■ **Exercise objective**: Each entry must be given again exactly; images do not belong in the copy.

(Records from a data collection)
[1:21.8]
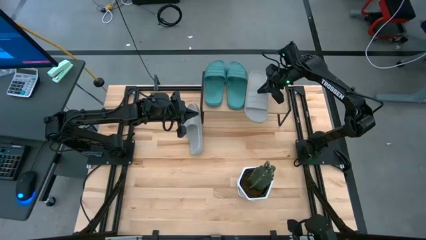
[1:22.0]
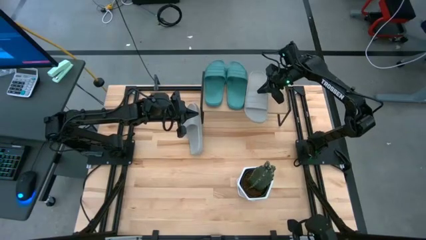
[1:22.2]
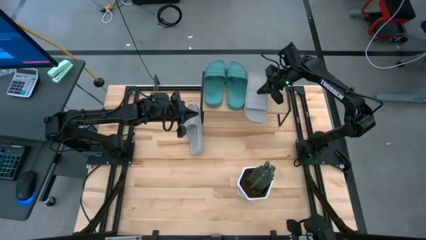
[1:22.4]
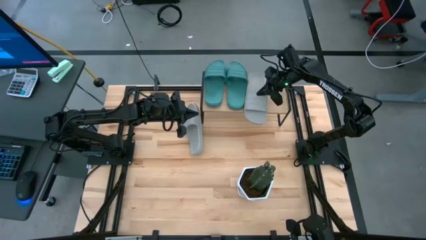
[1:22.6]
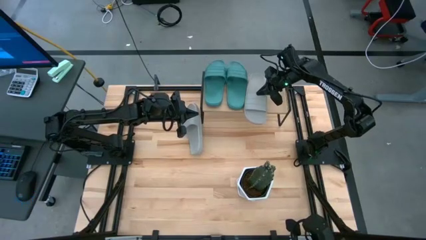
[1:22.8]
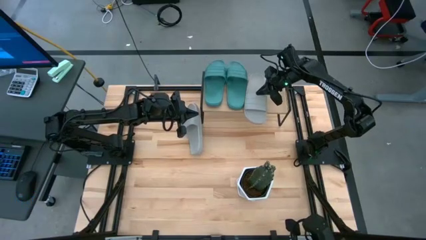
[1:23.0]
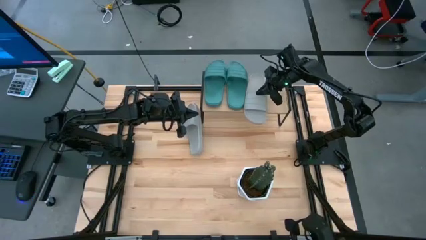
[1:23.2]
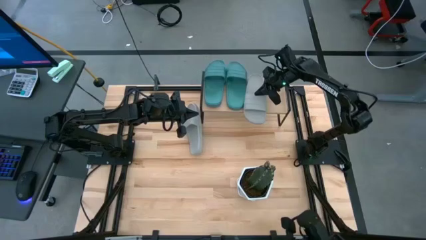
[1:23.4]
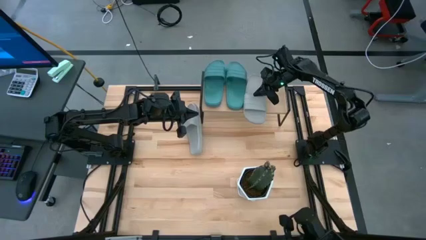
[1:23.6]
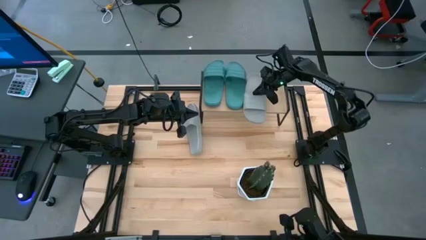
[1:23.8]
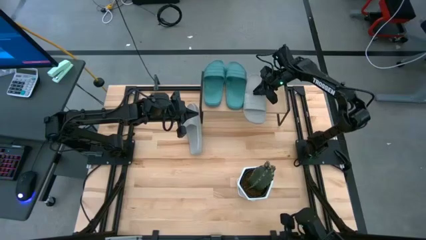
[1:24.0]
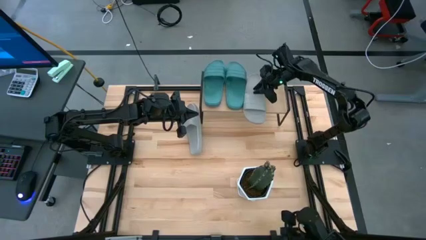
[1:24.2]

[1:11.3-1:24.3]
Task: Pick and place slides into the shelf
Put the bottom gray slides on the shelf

■ **Task solution**:
[1:21.8]
[1:22.0]
[1:22.2]
[1:22.4]
[1:22.6]
[1:22.8]
[1:23.0]
[1:23.2]
[1:23.4]
[1:23.6]
[1:23.8]
[1:24.0]
[1:24.2]

[1:11.3-1:24.3]
Task: Pick and place slides into the shelf
Put the bottom gray slides on the shelf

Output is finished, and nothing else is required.